The following definitions will execute without error:
...
@check_concrete struct GoodType2{T<:Real}
x::Vector{T}
end
@check_concrete struct GoodType3{T<:Real,V<:AbstractVector{T}}
x::V
end
Since these also allow parametric types with abstract type parameters and possibly direct abstract type fields, would it be worth including a function to check fields of particular parametric types as well? Or is the idea that other reflection and type inference tools like @code_warntype would be enough to catch those, and this is intended as training wheels for beginners who want specialized performance but don’t quite grasp what type annotations do where yet?
The per-type macro should exist for per-type designation especially interactive use, but I imagine it’s possible for a beginner to want to do this check across a file. @check_concrete_all begin ... end could be put in each file, but I don’t like scattering boilerplate and I’d be concerned about niche “top-level” stuff cropping up. The per-module macro would be nice, but it doesn’t inherently transform what will be evaluated in include calls and doesn’t address scripts not encapsulated by modules. A function for tagging definitions with the macro can be put into include, and it could look more or less like this not-a-working example:
function checkmaybestruct(e)
if !(e isa Expr && e.head == :struct)
return e
# missing module check
else
return :(@check_concrete $e)
end
end
include(checkmaybestruct, "customtypes.jl")

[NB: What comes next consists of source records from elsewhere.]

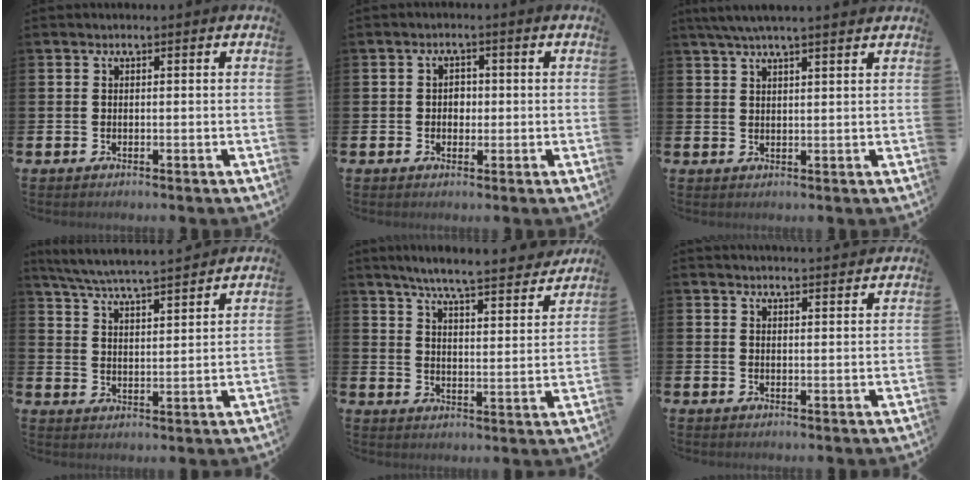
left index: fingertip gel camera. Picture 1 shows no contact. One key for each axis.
{"total": 2.2, "fx": 0.0, "fy": 1.8, "fz": 1.1, "tx": -0.003, "ty": -0.001, "tz": -0.008}
{"total": 4.4, "fx": 3.8, "fy": 0.1, "fz": 2.1, "tx": -0.045, "ty": -0.006, "tz": 0.069}
{"total": 6.3, "fx": 6.1, "fy": 0.0, "fz": 1.6, "tx": -0.052, "ty": -0.042, "tz": 0.106}
{"total": 7.1, "fx": 6.8, "fy": -0.1, "fz": 2.2, "tx": -0.060, "ty": -0.049, "tz": 0.114}
{"total": 2.6, "fx": 2.6, "fy": -0.2, "fz": -0.1, "tx": 0.010, "ty": -0.019, "tz": 0.044}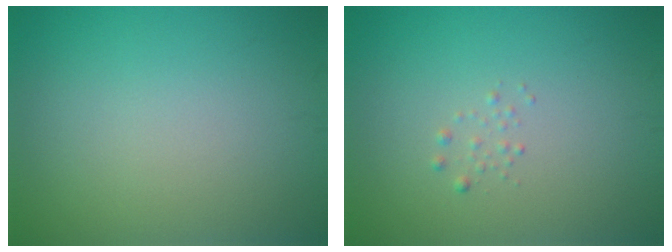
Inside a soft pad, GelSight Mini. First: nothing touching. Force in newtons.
{"total": 0.6, "press": 0.6, "slide": 0.0}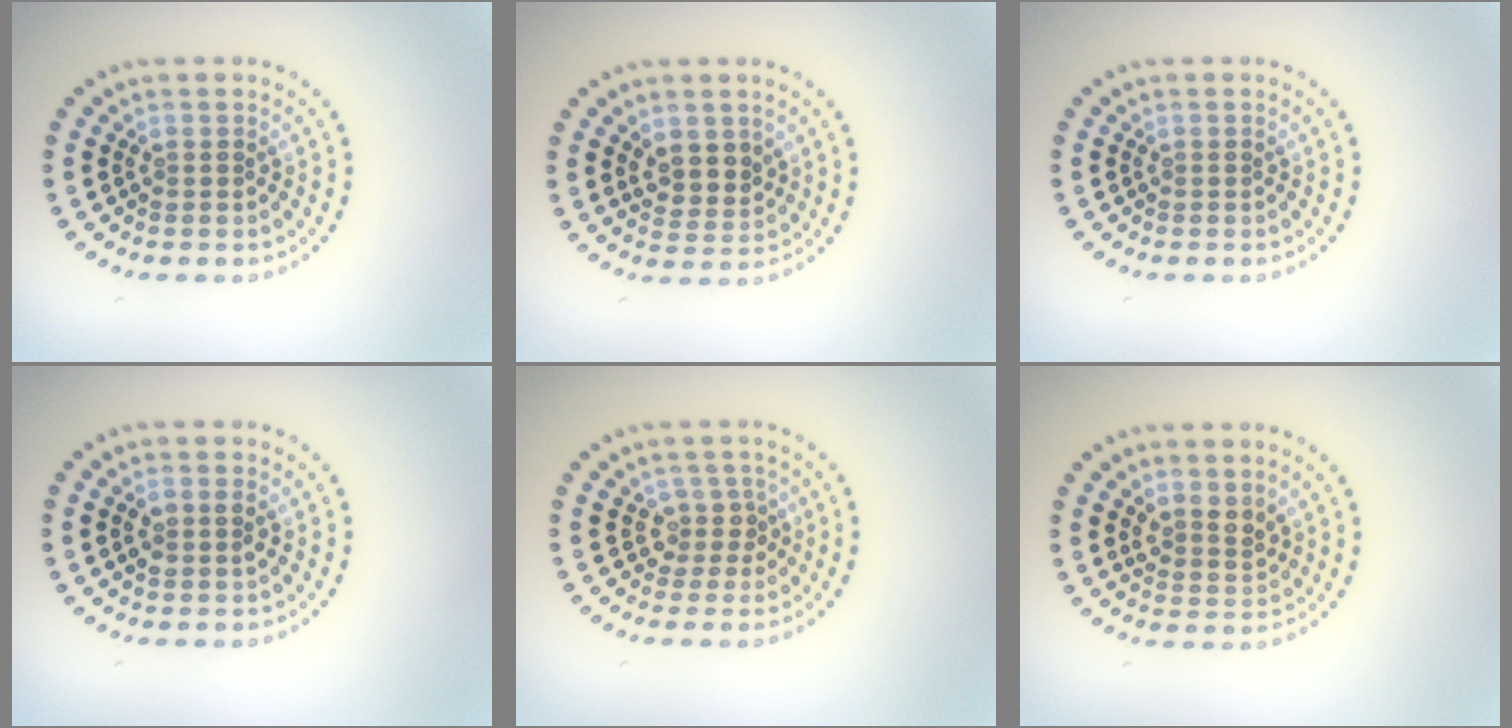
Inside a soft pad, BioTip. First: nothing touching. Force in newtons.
{"total": 2.4, "press": 2.3, "slide": 0.9}
{"total": 0.0}
{"total": 1.4, "press": 1.3, "slide": 0.3}
{"total": 1.9, "press": 1.4, "slide": 1.3}
{"total": 2.2, "press": 1.8, "slide": 1.3}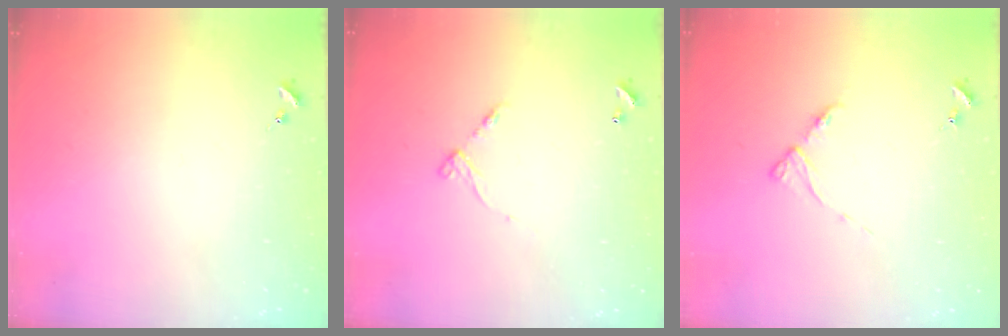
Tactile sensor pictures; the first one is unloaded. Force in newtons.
{"total": 6.2, "press": 6.2, "slide": 0.4}
{"total": 4.5, "press": 4.5, "slide": 0.5}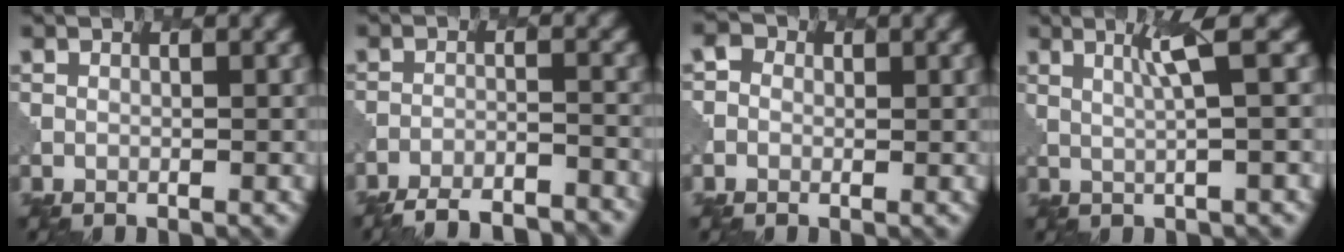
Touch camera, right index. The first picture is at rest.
{"total": 8.6, "force": [-8.1, 1.8, 2.2], "torque": [-0.031, -0.009, -0.110]}
{"total": 1.6, "force": [0.0, 1.5, 0.4], "torque": [0.005, 0.009, -0.004]}
{"total": 3.1, "force": [1.4, 0.2, 2.8], "torque": [-0.051, 0.007, 0.030]}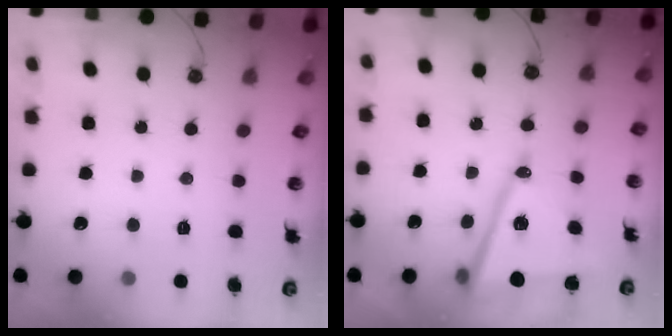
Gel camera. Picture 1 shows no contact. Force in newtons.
{"total": 14.1, "press": 13.9, "slide": 2.5}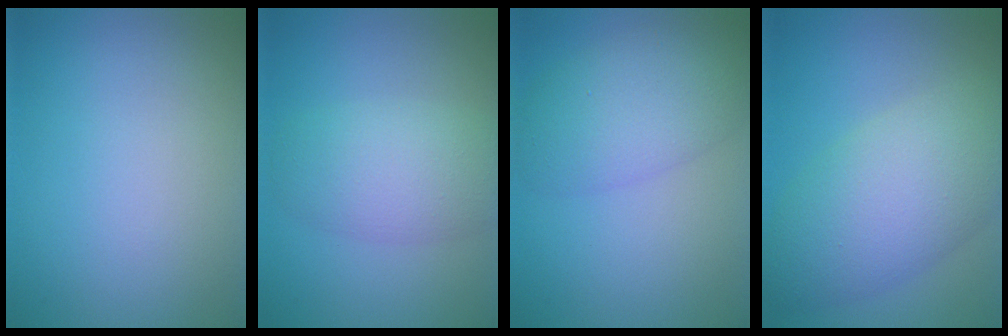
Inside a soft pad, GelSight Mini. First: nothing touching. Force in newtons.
{"total": 5.1, "press": 5.1, "slide": 0.1}
{"total": 5.2, "press": 5.1, "slide": 0.3}
{"total": 8.1, "press": 8.1, "slide": 0.4}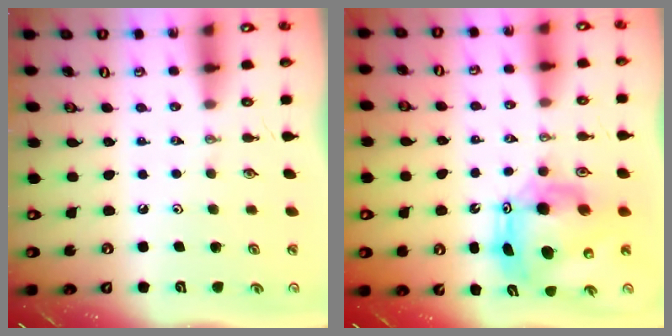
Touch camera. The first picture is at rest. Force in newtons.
{"total": 12.6, "press": 12.6, "slide": 1.0}

Note that this doesn’t address module expressions, so the per-module macro would be helpful, gets a bit recursive. The per-module macro finding include calls in top-level control flow would be tougher, but maybe that’s not necessary for training wheels.
That looks like a check after MyModule was already evaluated, so wouldn’t a function be more straightforward check_concrete_structs_in(MyModule)? That would neatly get around dealing with unevaluated includes, but how reliable is it to find every type manually defined in that module, as opposed to those imported or referenced from other modules or automatically defined for closures? The latter falls under names(mod; all=true) and parentmodule:
julia> module A
function foo(x)
()->x
end
end
Main.A
julia> typeof(A.foo(1))
Main.A.var"#1#2"{Int64}
julia> Symbol("#1#2") in names(A;all=true)
true
julia> parentmodule(typeof(A.foo(1)))
Main.A
wouldn’t a function be more straightforward check_concrete_structs_in(MyModule) ?

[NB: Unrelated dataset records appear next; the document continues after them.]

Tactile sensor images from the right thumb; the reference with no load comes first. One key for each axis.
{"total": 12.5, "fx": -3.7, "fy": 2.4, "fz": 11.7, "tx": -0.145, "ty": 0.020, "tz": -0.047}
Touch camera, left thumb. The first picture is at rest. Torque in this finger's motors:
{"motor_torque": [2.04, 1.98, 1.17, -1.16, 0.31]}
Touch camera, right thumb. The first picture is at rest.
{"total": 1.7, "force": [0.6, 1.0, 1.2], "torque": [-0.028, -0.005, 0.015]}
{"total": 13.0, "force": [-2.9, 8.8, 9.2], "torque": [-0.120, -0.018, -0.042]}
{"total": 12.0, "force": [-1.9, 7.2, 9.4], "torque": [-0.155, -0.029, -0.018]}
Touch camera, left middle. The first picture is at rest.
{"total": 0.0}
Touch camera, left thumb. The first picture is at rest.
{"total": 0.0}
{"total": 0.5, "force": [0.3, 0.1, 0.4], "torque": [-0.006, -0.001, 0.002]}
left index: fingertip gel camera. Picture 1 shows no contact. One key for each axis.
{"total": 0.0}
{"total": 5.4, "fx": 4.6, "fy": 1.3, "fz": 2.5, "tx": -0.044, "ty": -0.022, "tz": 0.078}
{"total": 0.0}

That’s how I implemented it, but it just took a lot of effort to get it working right and I’m still not 100% sure it’s always correct. Having access to the AST of the struct definition would have been pretty beneficial.
Worth mentioning that on the other hand, some evaluation is useful for figuring out when a type is concrete (isconcretetype), so I don’t expect a macro working on a module to figure everything out itself, rather transform to code that does. I also imagine that checking many type definitions in a module or file should emit warnings or append to a log instead of error at the first type.
Rather the second one. If you construct a GoodType2 with, say, a x::Vector{AbstractFloat}, this is not a problem in the struct definition, and it can be fixed without redefining GoodType2 itself. On the other hand, if the type annotations or parameters are insufficient in struct GoodType2, there is nothing you can do but redefine it, and that is impossible for people who can’t modify the source code.
That would be very handy, but as @jonniedie said, having access to the AST (i.e. doing this when the struct definition is parsed) makes things much easier. You would think that all it takes is checking fieldtypes for concreteness, but that’s not sufficient in the parametric case:
In this example you would have to check fieldtpes(A{Float64}) instead of fieldtypes(A). But in the general case, structs may have many type parameters, and it’s not obvious wihch combination should be checked for field concreteness. It’s not even obvious how to find a combination that is allowed by subtyping constraints (in the general case I suspect it’s NP-hard).
Yeah I still need to look at that to figure out how to handle the includes. It may not be perfect at first.